だから所詮は『グレンラガン』の焼き直しっしょ?みたいな結論にはならない。

 

おそらく、僕らの世代のオタクは確かに『グレンラガン』によって、上記の感情を得た。心地よい白昼夢に留まらず、歯を食いしばってでも厳しい現実と戦わねばならない。戦っていれば自分を惜しむことなく費やすべき場面に出くわす。その時どう自分がふるまうべきなのか。その結果、どういう結末が待っているのか。

 

今『鬼滅』を見た若い世代が、僕らが10数年前に『グレンラガン』で身に着けた感情を得ているかもしれない。そのことに対して、ただただ感謝というか、物語が受け継がれていくことの深遠さを見た気がした。

 

当然のことながら『グレンラガン』よりはるか前に『ザンボット3』や『イデオン』で絶望を抱いたり、『トップをねらえ!』で活力を得た世代がいた。その線上に『グレンラガン』もいることは間違いない。

 

人間の精神性なんてものは案外有史以来大きく変わってはいないと思う。必要とされる宗教も物語も、気遣い対象が増えただけであり、大筋はそのままだったりする。数々の仏典が紀元前から形を変え、漢訳されながら今に伝えらえれた通り、生きる本質を突いたアニメや漫画といった物語も、やはり作品を変えながら受け継がれていくべきものなのだと思っている。
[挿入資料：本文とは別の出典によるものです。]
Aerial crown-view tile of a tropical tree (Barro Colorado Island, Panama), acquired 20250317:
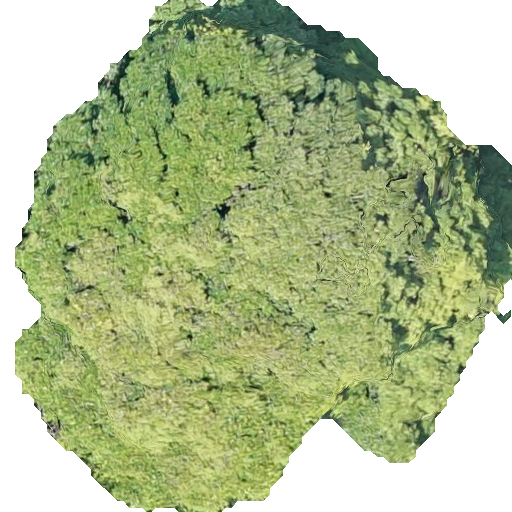
Species: Prioria copaifera
GBIF accepted scientific name: Prioria copaifera
Crown area: 281.015 m²

数々のオマージュによって飾られた『鬼滅』は、やはり今の時代における伝道師であると、映画を見ながらそんな感想を抱いてしまった次第である。

 

また、注目・人気作ということもあって、映画開始前には数多くの予告編が流された。そこには、セラムンエヴァおジャ魔女ポケモンドラえもんといったリメイク作、周年記念作、大御所作が並ぶ。もちろんオタクだし、ほとんど見に行きたい。

 

しかし、当てるには過去作をもう一度作りなおすのが安定化しているという傾向のようにも見える。そんな中で、ジャンプの現行連載作品が、ここまでのヒットを飛ばしながら走っていること自体、賞賛に値すべきことだと思う。アニメ化2期も決まっているようなので、改めて楽しみに漫画も読み進めたい。

 

と、短いけれどとりあえずこんなところで。また来週も続けていきたいっす。